**Information supplied**
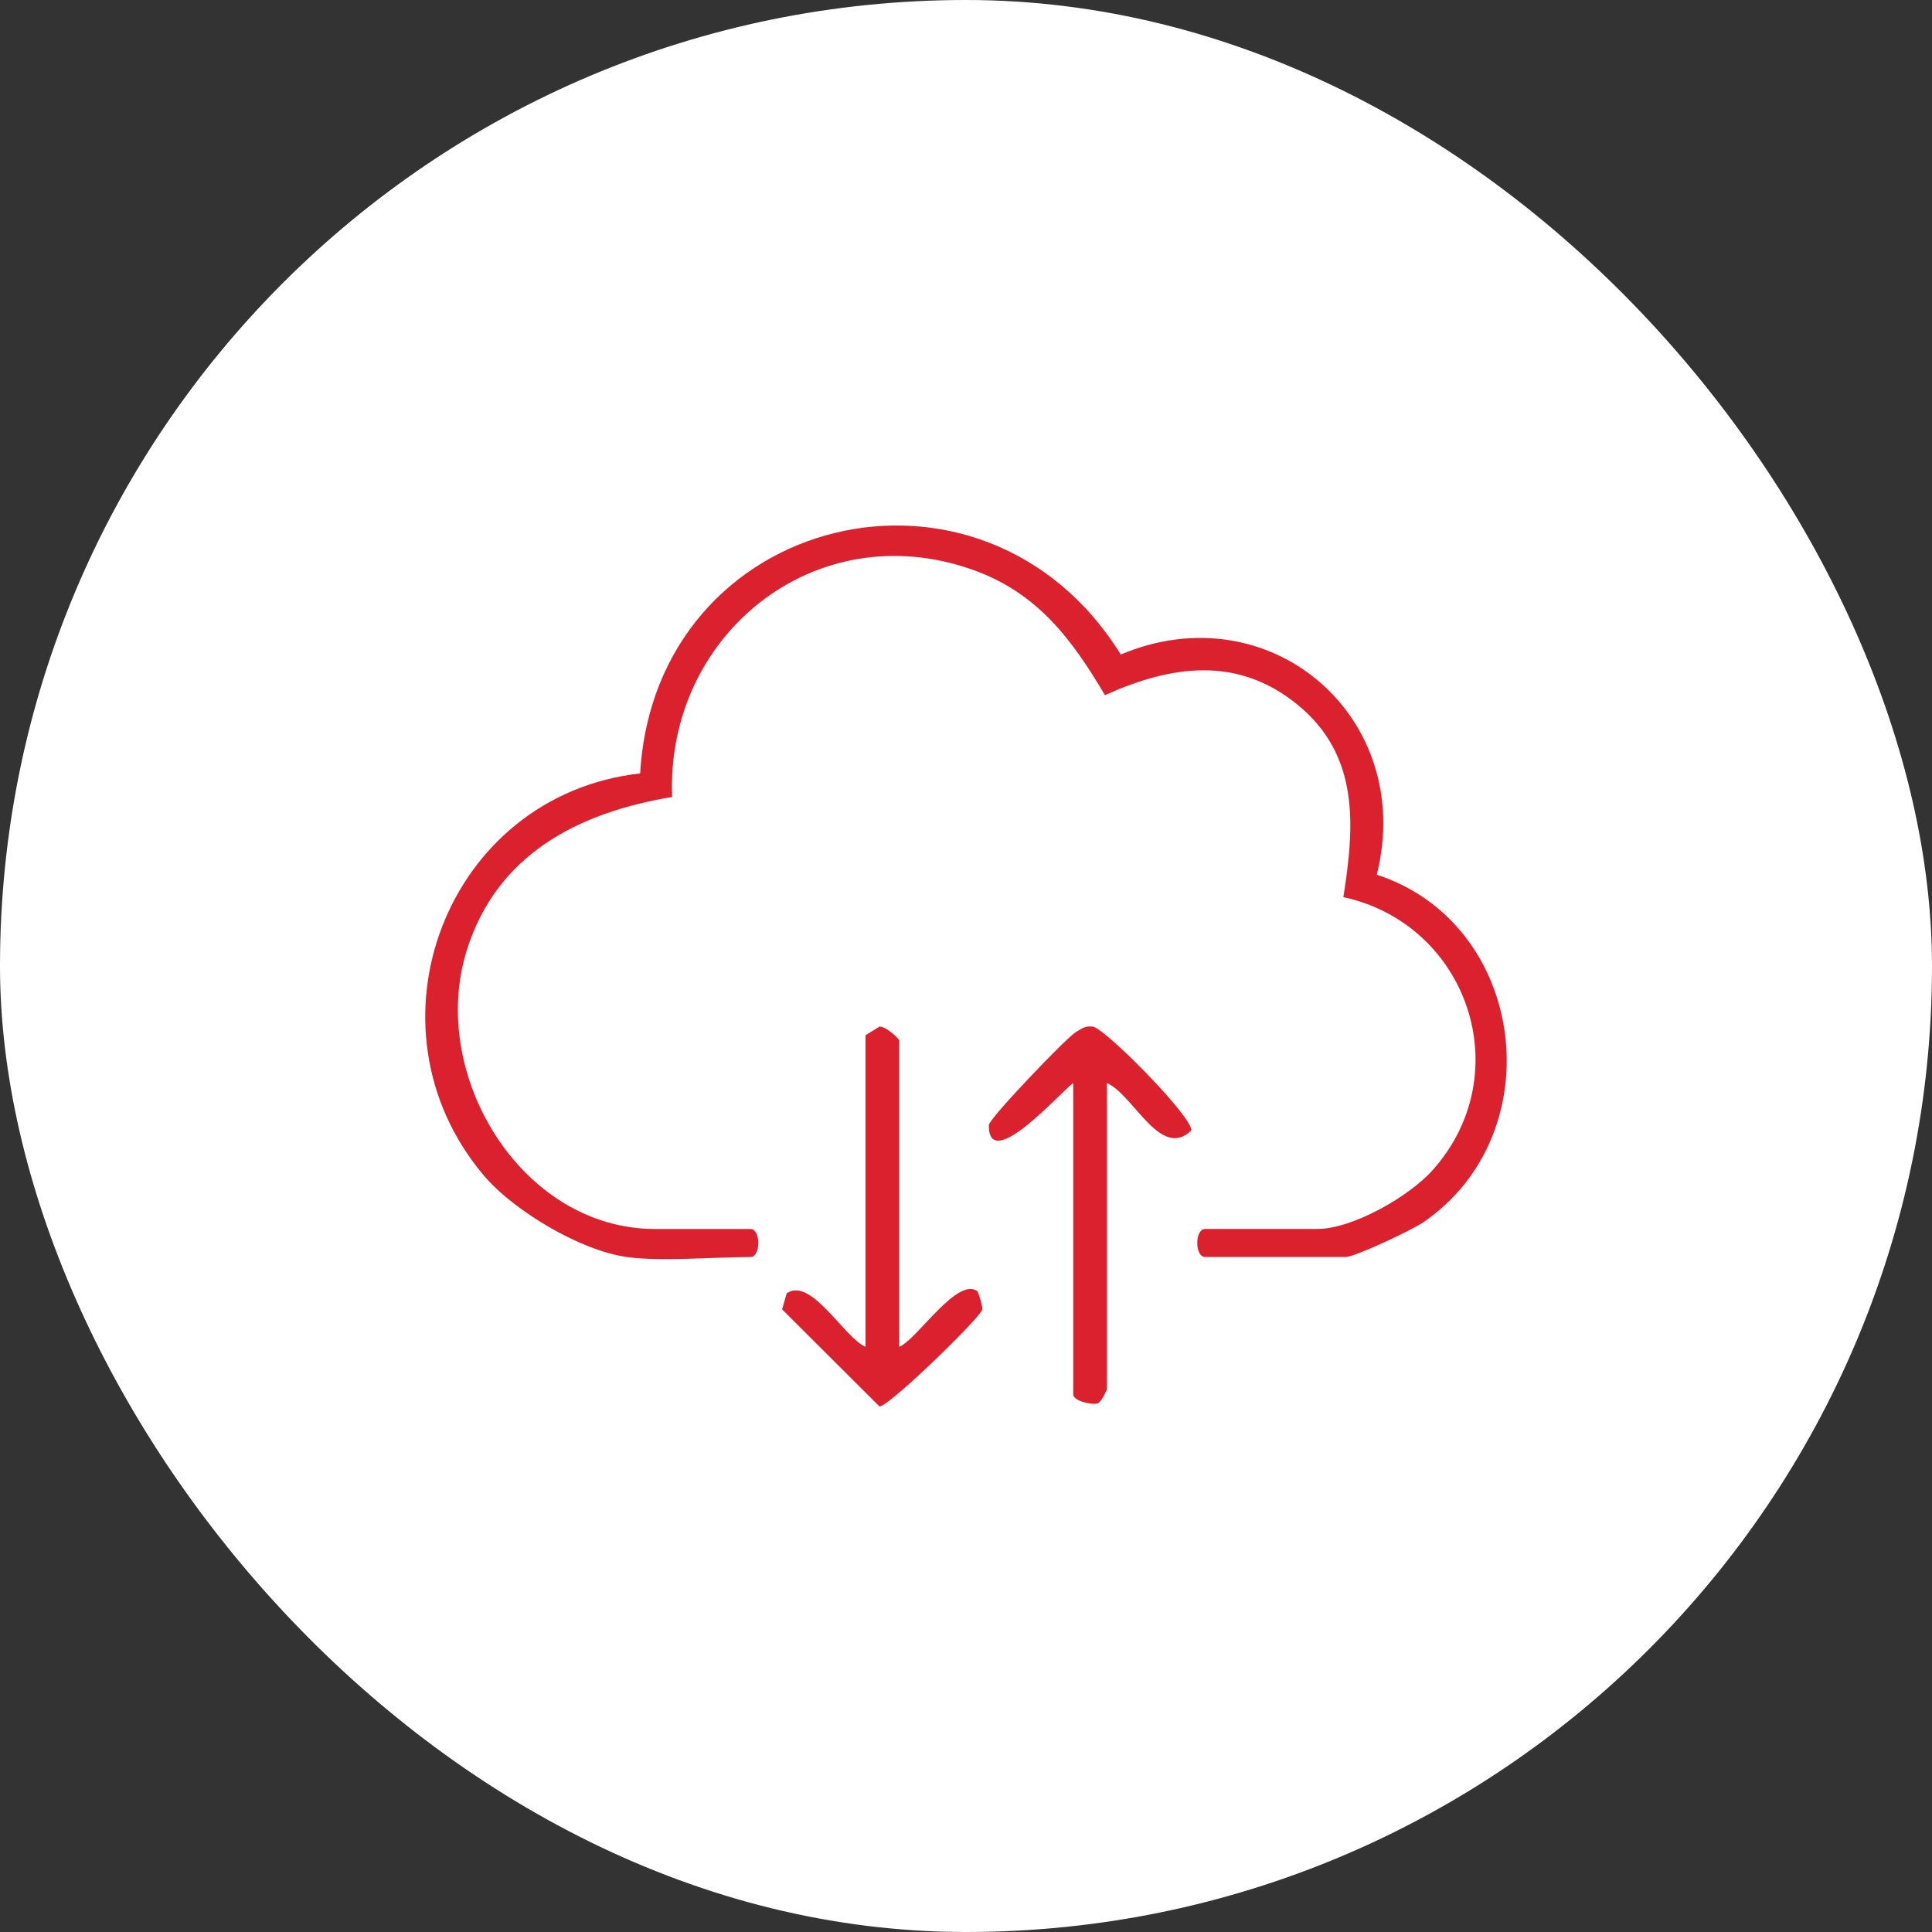 <?xml version="1.0" encoding="UTF-8"?>
<svg id="Layer_2" data-name="Layer 2" xmlns="http://www.w3.org/2000/svg" viewBox="0 0 400 400">
  <rect x="0" y="0" width="400" height="400" fill="#333333" stroke="none"/>
  <defs>
    <style>
      .cls-1 {
        fill: #dc212e;
      }

      .cls-2 {
        fill: #fff;
      }
    </style>
  </defs>
  <g id="Layer_1-2" data-name="Layer 1">
    <rect class="cls-2" x="0" y="0" width="400" height="400" rx="200" ry="200"/>
    <g>
      <path class="cls-1" d="M129.79,260.25c-9.54-1.29-23.4-9.53-29.62-16.88-26.04-30.8-7.8-78.73,32.37-83.24,3.12-54.03,71.03-70.49,99.51-24.62,30.93-13.04,61.14,13,53,45.59,30.99,10.1,36.55,53.53,9.61,71.98-2.19,1.5-14.09,7.17-16.08,7.17h-29.06c-2.19,0-2.19-5.81,0-5.81h23.25c7.23,0,18.97-6.7,23.85-12.18,17.93-20.13,7.14-50.97-18.49-56.52,2.34-14.8,3.39-29.36-9.54-39.88-12.47-10.15-26.19-8.08-39.82-1.94-6.96-11.75-14.1-21.29-27.54-26.01-32.58-11.45-63.41,13.65-62.07,47.1-19.41,3.2-36.35,11.87-42.55,31.85-7.97,25.7,11.35,57.59,38.99,57.59h19.76c2.19,0,2.19,5.81,0,5.81-7.62,0-18.48.96-25.57,0Z"/>
      <path class="cls-1" d="M186.17,278.85c3.69-1.49,11.97-14.55,16.17-11.53.2.14,1.14,3.16,1.03,3.8-.29,1.58-19.09,19.92-21.28,20.08l-20.16-20.11.95-3.33c5.06-3.48,11.95,9.26,16.32,11.08v-64.51l2.91-1.79c1.19-.08,4.06,2.42,4.06,2.95v63.35Z"/>
      <path class="cls-1" d="M229.18,224.22v63.35c0,.22-1.19,2.75-1.9,2.98-1.4.4-5.07-.56-5.07-1.82v-64.51c-2.29,1.55-17.6,19-17.48,8.72.01-1.32,16-18.05,18-19.24,1.23-.73,1.84-1.32,3.49-1.16,2.48.24,20.94,18.94,20.41,21.54-6.39,6.07-11.8-7.26-17.44-9.86Z"/>
    </g>
  </g>
</svg>

**Exercise aim**
Return every entry above exactly. Pictures stay out.

**Result of the exercise**
 <?xml version="1.0" encoding="UTF-8"?>
<svg id="Layer_2" data-name="Layer 2" xmlns="http://www.w3.org/2000/svg" viewBox="0 0 400 400">
  <rect x="0" y="0" width="400" height="400" fill="#333333" stroke="none"/>
  <defs>
    <style>
      .cls-1 {
        fill: #dc212e;
      }

      .cls-2 {
        fill: #fff;
      }
    </style>
  </defs>
  <g id="Layer_1-2" data-name="Layer 1">
    <rect class="cls-2" x="0" y="0" width="400" height="400" rx="200" ry="200"/>
    <g>
      <path class="cls-1" d="M129.79,260.25c-9.54-1.29-23.4-9.53-29.62-16.88-26.04-30.8-7.8-78.73,32.37-83.24,3.12-54.03,71.03-70.49,99.51-24.62,30.93-13.04,61.14,13,53,45.59,30.99,10.1,36.55,53.53,9.61,71.98-2.19,1.5-14.09,7.17-16.08,7.17h-29.06c-2.19,0-2.19-5.81,0-5.81h23.25c7.23,0,18.97-6.7,23.85-12.18,17.93-20.13,7.14-50.97-18.49-56.52,2.34-14.8,3.39-29.36-9.54-39.88-12.47-10.15-26.19-8.08-39.82-1.94-6.96-11.75-14.1-21.29-27.54-26.01-32.58-11.45-63.41,13.65-62.07,47.1-19.41,3.2-36.35,11.87-42.55,31.85-7.97,25.7,11.35,57.59,38.99,57.59h19.76c2.19,0,2.19,5.81,0,5.81-7.62,0-18.48.96-25.57,0Z"/>
      <path class="cls-1" d="M186.17,278.85c3.69-1.49,11.97-14.55,16.17-11.53.2.14,1.14,3.16,1.03,3.8-.29,1.58-19.09,19.92-21.28,20.08l-20.16-20.11.95-3.33c5.06-3.48,11.95,9.26,16.32,11.08v-64.51l2.91-1.79c1.19-.08,4.06,2.42,4.06,2.95v63.35Z"/>
      <path class="cls-1" d="M229.18,224.22v63.35c0,.22-1.19,2.75-1.9,2.98-1.4.4-5.07-.56-5.07-1.82v-64.51c-2.29,1.55-17.6,19-17.48,8.72.01-1.32,16-18.05,18-19.24,1.23-.73,1.84-1.32,3.49-1.16,2.48.24,20.94,18.94,20.41,21.54-6.39,6.07-11.8-7.26-17.44-9.86Z"/>
    </g>
  </g>
</svg>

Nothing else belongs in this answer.